▶ [EXERCISE BRIEF]:
Omit each picture as you copy the entries exactly.

▶ [Stored records]:
········

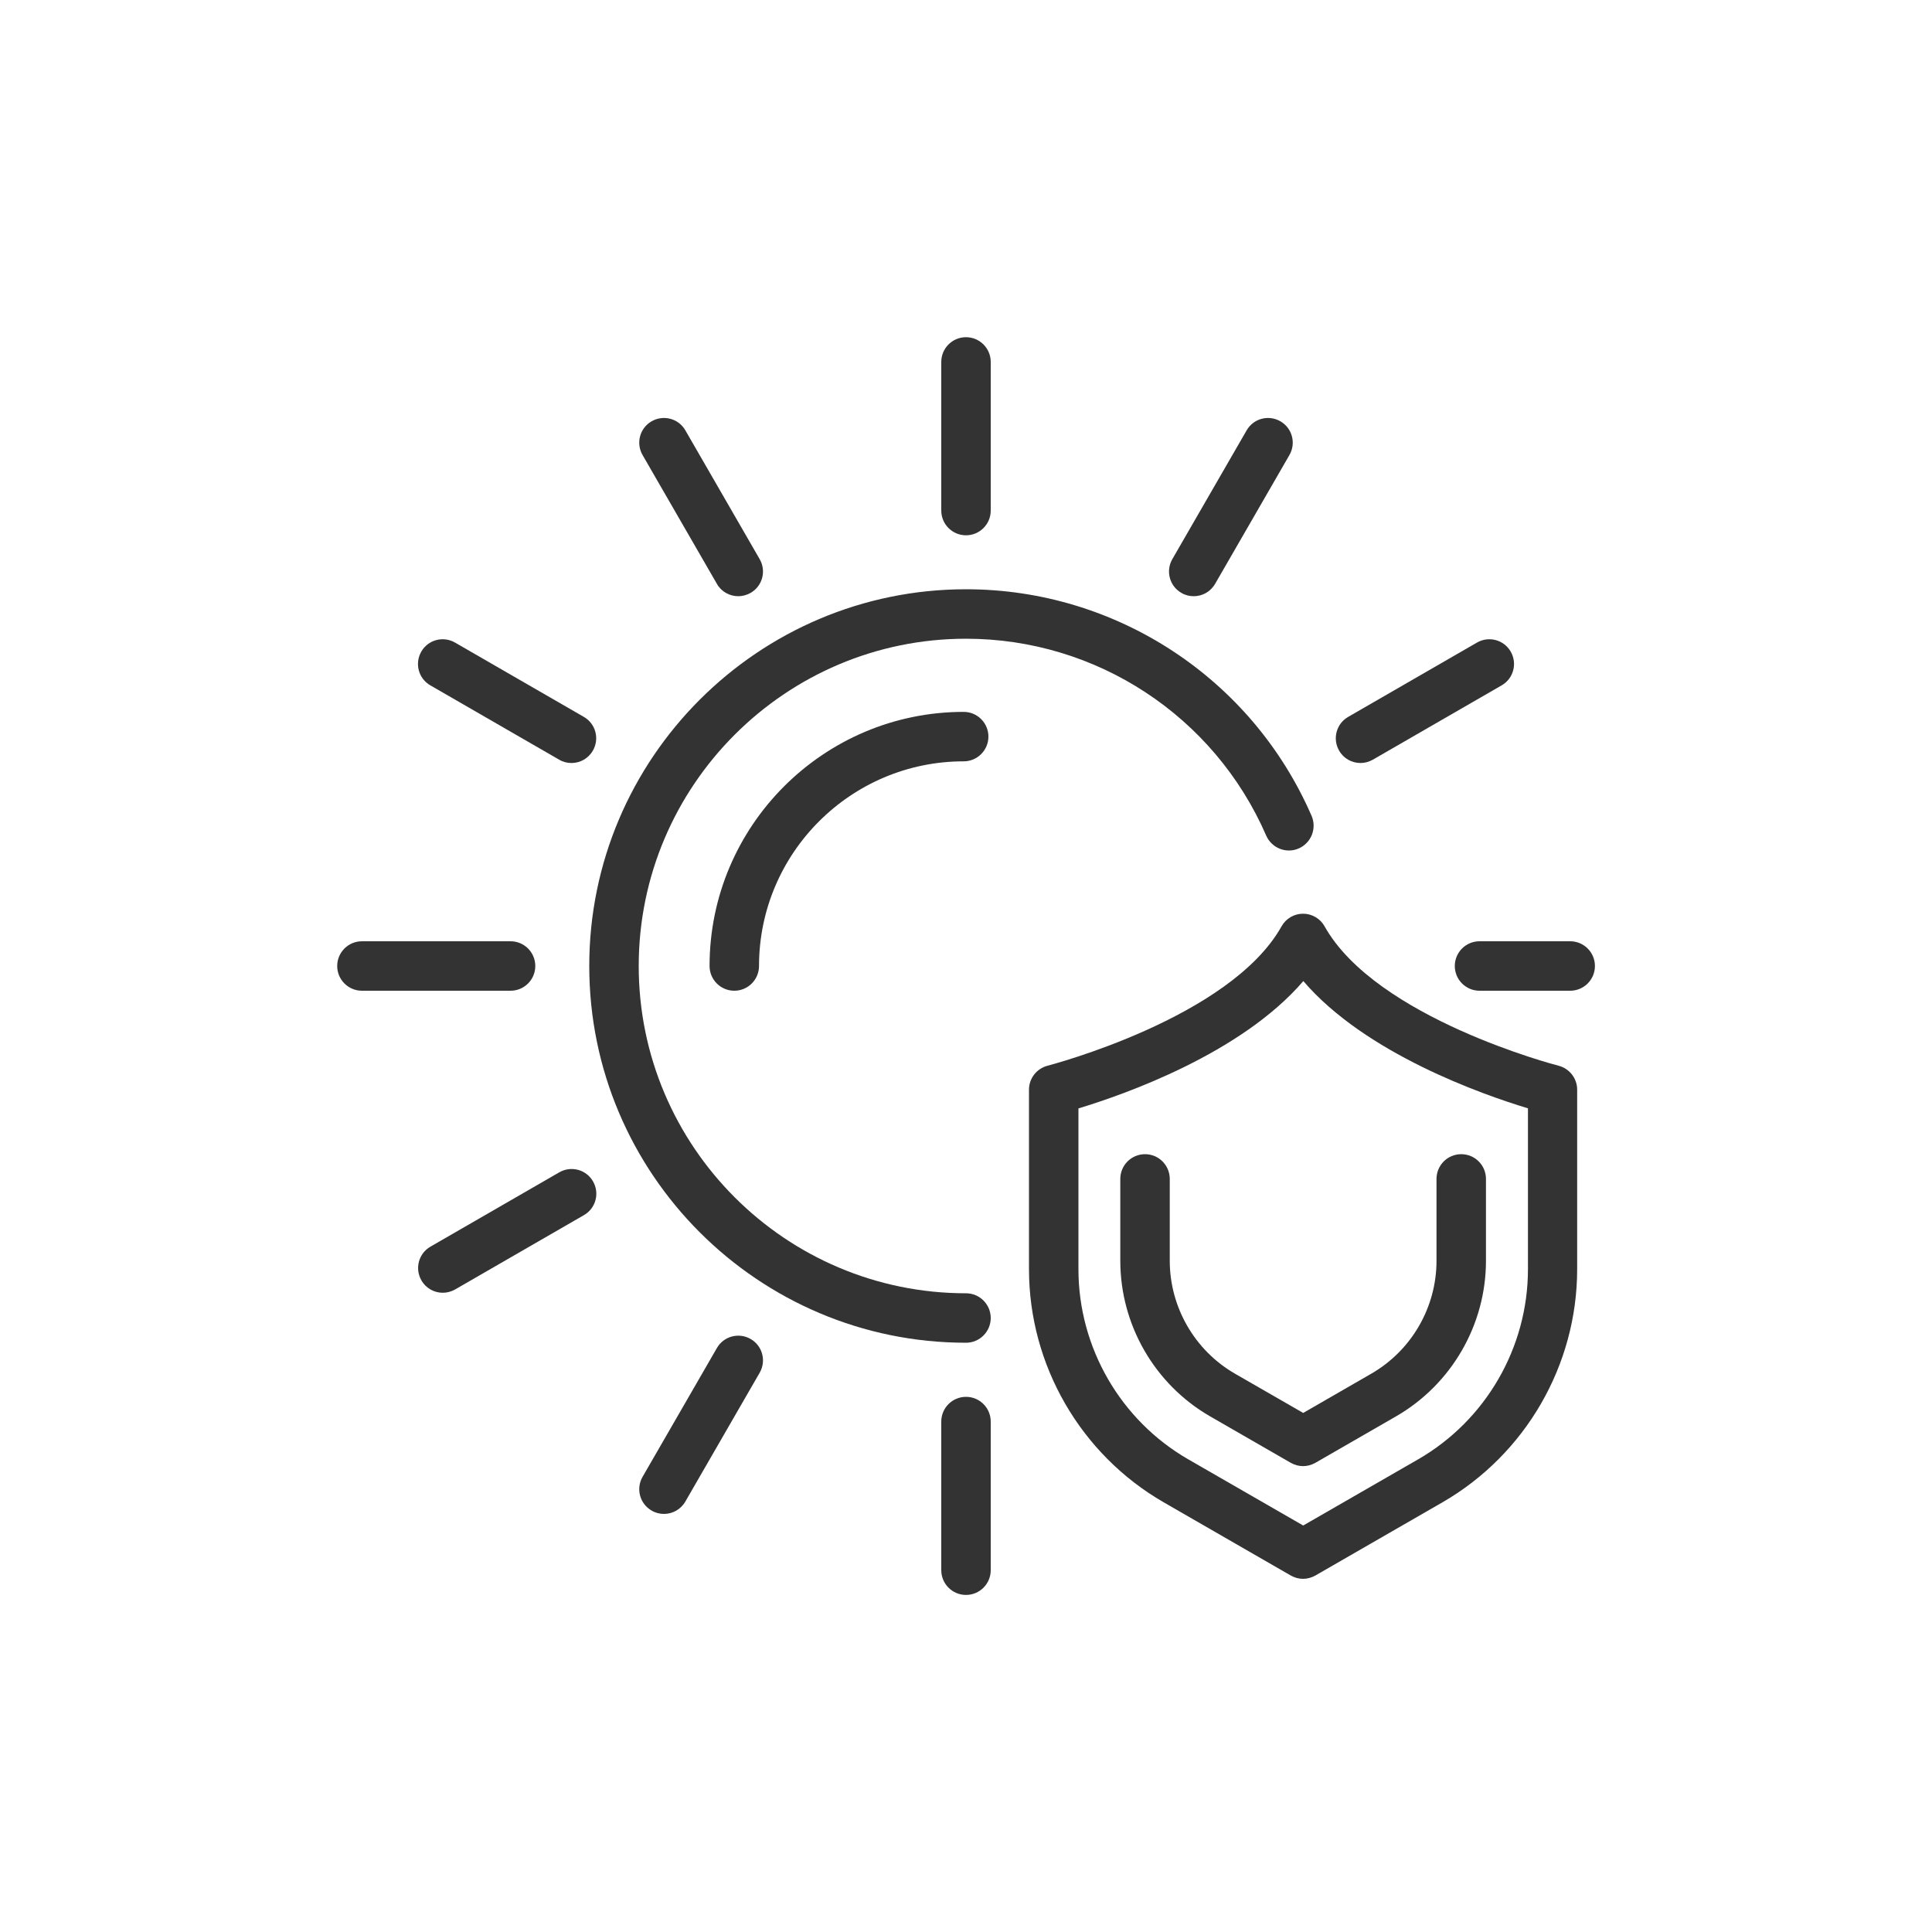 <svg viewBox="0 0 150 150" xmlns="http://www.w3.org/2000/svg" data-name="Layer 1" id="Layer_1">
  <defs>
    <style>
      .cls-1 {
        fill: #333;
        stroke-width: 0px;
      }
    </style>
  </defs>
  <path d="M101.17,122.58c-.33,0-.66-.09-.96-.26l-9.86-5.68c-6.45-3.72-10.46-10.65-10.46-18.1v-13.94c0-.88.6-1.64,1.45-1.86.14-.04,14.16-3.68,18.16-10.82.34-.61.98-.98,1.67-.98s1.34.38,1.67.98c4,7.14,18.02,10.79,18.16,10.82.85.22,1.45.98,1.45,1.86v13.94c0,7.45-4.01,14.38-10.46,18.1l-9.86,5.68c-.3.17-.63.26-.96.26ZM83.73,86.05v12.49c0,6.08,3.27,11.74,8.54,14.77l8.91,5.13,8.91-5.13c5.27-3.03,8.54-8.69,8.54-14.77v-12.49c-3.54-1.07-12.62-4.25-17.44-9.88-4.83,5.63-13.9,8.81-17.44,9.88Z" class="cls-1"></path>
  <path d="M101.17,113.83c-.33,0-.66-.09-.96-.26l-6.25-3.6c-4.31-2.48-6.98-7.11-6.98-12.08v-6.36c0-1.06.86-1.92,1.92-1.92s1.92.86,1.92,1.92v6.36c0,3.6,1.94,6.96,5.06,8.76l5.3,3.05,5.29-3.05c3.12-1.8,5.06-5.15,5.06-8.76v-6.36c0-1.06.86-1.92,1.92-1.92s1.92.86,1.92,1.92v6.36c0,4.97-2.68,9.6-6.99,12.08l-6.25,3.6c-.3.17-.63.26-.96.26Z" class="cls-1"></path>
  <path d="M75,41.56c-1.06,0-1.92-.86-1.92-1.92v-11.54c0-1.06.86-1.92,1.92-1.92s1.92.86,1.92,1.92v11.54c0,1.06-.86,1.92-1.92,1.92Z" class="cls-1"></path>
  <path d="M57.32,46.29c-.66,0-1.31-.34-1.66-.96l-5.77-10c-.53-.92-.22-2.09.7-2.62.92-.53,2.09-.22,2.62.7l5.77,10c.53.92.22,2.09-.7,2.62-.3.17-.63.26-.96.26Z" class="cls-1"></path>
  <path d="M44.37,59.24c-.33,0-.66-.08-.96-.26l-10-5.77c-.92-.53-1.23-1.7-.7-2.62.53-.92,1.7-1.23,2.62-.7l10,5.77c.92.53,1.23,1.7.7,2.62-.36.62-1,.96-1.66.96Z" class="cls-1"></path>
  <path d="M39.64,76.92h-11.54c-1.06,0-1.92-.86-1.92-1.92s.86-1.92,1.92-1.92h11.54c1.06,0,1.92.86,1.92,1.92s-.86,1.92-1.92,1.92Z" class="cls-1"></path>
  <path d="M34.38,100.37c-.66,0-1.31-.34-1.66-.96-.53-.92-.22-2.09.7-2.62l10-5.77c.92-.53,2.09-.22,2.62.7.53.92.22,2.09-.7,2.62l-10,5.77c-.3.17-.63.26-.96.26Z" class="cls-1"></path>
  <path d="M51.55,117.54c-.33,0-.66-.08-.96-.26-.92-.53-1.23-1.7-.7-2.62l5.77-10c.53-.92,1.7-1.23,2.62-.7.92.53,1.23,1.7.7,2.62l-5.77,10c-.36.62-1,.96-1.66.96Z" class="cls-1"></path>
  <path d="M75,123.83c-1.06,0-1.92-.86-1.92-1.92v-11.54c0-1.06.86-1.92,1.92-1.92s1.92.86,1.92,1.92v11.54c0,1.06-.86,1.92-1.92,1.92Z" class="cls-1"></path>
  <path d="M57.01,76.92c-1.06,0-1.92-.86-1.92-1.92,0-10.88,8.85-19.73,19.73-19.73,1.06,0,1.92.86,1.92,1.92s-.86,1.92-1.92,1.92c-8.76,0-15.89,7.13-15.89,15.89,0,1.06-.86,1.92-1.92,1.92Z" class="cls-1"></path>
  <path d="M92.68,46.29c-.33,0-.66-.08-.96-.26-.92-.53-1.23-1.7-.7-2.62l5.77-10c.53-.92,1.7-1.23,2.62-.7.92.53,1.23,1.7.7,2.62l-5.77,10c-.36.62-1,.96-1.66.96Z" class="cls-1"></path>
  <path d="M105.63,59.24c-.66,0-1.31-.34-1.66-.96-.53-.92-.22-2.09.7-2.62l10-5.77c.92-.53,2.09-.22,2.62.7.53.92.22,2.09-.7,2.62l-10,5.77c-.3.17-.63.26-.96.26Z" class="cls-1"></path>
  <path d="M121.91,76.92h-7.04c-1.06,0-1.92-.86-1.92-1.92s.86-1.92,1.92-1.92h7.04c1.06,0,1.92.86,1.92,1.92s-.86,1.92-1.92,1.92Z" class="cls-1"></path>
  <path d="M75,104.25c-16.13,0-29.25-13.12-29.25-29.25s13.12-29.25,29.25-29.25c11.65,0,22.19,6.91,26.83,17.59.42.97-.02,2.1-.99,2.53-.97.43-2.1-.02-2.53-.99-4.04-9.29-13.19-15.29-23.31-15.29-14.01,0-25.41,11.4-25.41,25.41s11.4,25.41,25.41,25.41c1.06,0,1.92.86,1.92,1.92s-.86,1.92-1.92,1.92Z" class="cls-1"></path>
</svg>

········

▶ [ANSWER TO THE EXERCISE]:
 <svg viewBox="0 0 150 150" xmlns="http://www.w3.org/2000/svg" data-name="Layer 1" id="Layer_1">
  <defs>
    <style>
      .cls-1 {
        fill: #333;
        stroke-width: 0px;
      }
    </style>
  </defs>
  <path d="M101.17,122.58c-.33,0-.66-.09-.96-.26l-9.86-5.68c-6.45-3.72-10.46-10.65-10.46-18.1v-13.94c0-.88.6-1.64,1.45-1.86.14-.04,14.16-3.68,18.16-10.82.34-.61.98-.98,1.67-.98s1.34.38,1.67.98c4,7.14,18.02,10.79,18.16,10.82.85.22,1.45.98,1.45,1.86v13.94c0,7.45-4.01,14.38-10.46,18.1l-9.86,5.68c-.3.17-.63.26-.96.26ZM83.73,86.05v12.49c0,6.08,3.27,11.74,8.54,14.77l8.91,5.13,8.91-5.13c5.27-3.03,8.54-8.69,8.54-14.77v-12.49c-3.54-1.07-12.62-4.25-17.44-9.88-4.83,5.63-13.9,8.81-17.44,9.88Z" class="cls-1"></path>
  <path d="M101.17,113.83c-.33,0-.66-.09-.96-.26l-6.25-3.6c-4.31-2.48-6.98-7.11-6.98-12.08v-6.36c0-1.06.86-1.92,1.92-1.92s1.92.86,1.92,1.92v6.36c0,3.6,1.94,6.96,5.06,8.76l5.3,3.05,5.29-3.05c3.12-1.8,5.06-5.15,5.06-8.76v-6.36c0-1.06.86-1.92,1.92-1.92s1.92.86,1.92,1.92v6.36c0,4.97-2.68,9.6-6.99,12.08l-6.25,3.6c-.3.17-.63.26-.96.26Z" class="cls-1"></path>
  <path d="M75,41.56c-1.06,0-1.92-.86-1.92-1.92v-11.54c0-1.06.86-1.92,1.92-1.92s1.92.86,1.92,1.92v11.54c0,1.06-.86,1.92-1.92,1.92Z" class="cls-1"></path>
  <path d="M57.32,46.29c-.66,0-1.31-.34-1.66-.96l-5.77-10c-.53-.92-.22-2.09.7-2.62.92-.53,2.09-.22,2.62.7l5.77,10c.53.92.22,2.09-.7,2.62-.3.17-.63.26-.96.26Z" class="cls-1"></path>
  <path d="M44.37,59.24c-.33,0-.66-.08-.96-.26l-10-5.77c-.92-.53-1.23-1.7-.7-2.62.53-.92,1.7-1.23,2.62-.7l10,5.77c.92.53,1.23,1.7.7,2.62-.36.62-1,.96-1.66.96Z" class="cls-1"></path>
  <path d="M39.64,76.92h-11.54c-1.06,0-1.92-.86-1.92-1.92s.86-1.92,1.92-1.92h11.54c1.06,0,1.92.86,1.92,1.92s-.86,1.92-1.92,1.92Z" class="cls-1"></path>
  <path d="M34.38,100.37c-.66,0-1.31-.34-1.66-.96-.53-.92-.22-2.09.7-2.62l10-5.77c.92-.53,2.09-.22,2.62.7.53.92.22,2.09-.7,2.62l-10,5.77c-.3.17-.63.26-.96.26Z" class="cls-1"></path>
  <path d="M51.55,117.54c-.33,0-.66-.08-.96-.26-.92-.53-1.23-1.7-.7-2.62l5.77-10c.53-.92,1.7-1.23,2.62-.7.92.53,1.23,1.7.7,2.62l-5.77,10c-.36.62-1,.96-1.66.96Z" class="cls-1"></path>
  <path d="M75,123.83c-1.06,0-1.92-.86-1.92-1.92v-11.54c0-1.06.86-1.92,1.92-1.92s1.92.86,1.92,1.92v11.54c0,1.06-.86,1.92-1.92,1.92Z" class="cls-1"></path>
  <path d="M57.01,76.92c-1.06,0-1.92-.86-1.92-1.92,0-10.88,8.85-19.73,19.73-19.73,1.06,0,1.92.86,1.92,1.92s-.86,1.92-1.92,1.92c-8.76,0-15.89,7.13-15.89,15.89,0,1.06-.86,1.92-1.92,1.92Z" class="cls-1"></path>
  <path d="M92.68,46.29c-.33,0-.66-.08-.96-.26-.92-.53-1.23-1.7-.7-2.62l5.77-10c.53-.92,1.7-1.23,2.62-.7.92.53,1.23,1.7.7,2.62l-5.77,10c-.36.62-1,.96-1.66.96Z" class="cls-1"></path>
  <path d="M105.63,59.24c-.66,0-1.31-.34-1.66-.96-.53-.92-.22-2.09.7-2.62l10-5.77c.92-.53,2.09-.22,2.62.7.53.92.22,2.09-.7,2.62l-10,5.77c-.3.17-.63.26-.96.26Z" class="cls-1"></path>
  <path d="M121.91,76.92h-7.04c-1.06,0-1.92-.86-1.92-1.92s.86-1.92,1.92-1.92h7.04c1.06,0,1.92.86,1.92,1.92s-.86,1.92-1.92,1.92Z" class="cls-1"></path>
  <path d="M75,104.25c-16.13,0-29.25-13.12-29.25-29.25s13.12-29.25,29.25-29.25c11.65,0,22.19,6.91,26.83,17.59.42.97-.02,2.1-.99,2.53-.97.43-2.1-.02-2.53-.99-4.04-9.29-13.19-15.29-23.31-15.29-14.01,0-25.41,11.4-25.41,25.41s11.4,25.41,25.41,25.41c1.06,0,1.92.86,1.92,1.92s-.86,1.92-1.92,1.92Z" class="cls-1"></path>
</svg>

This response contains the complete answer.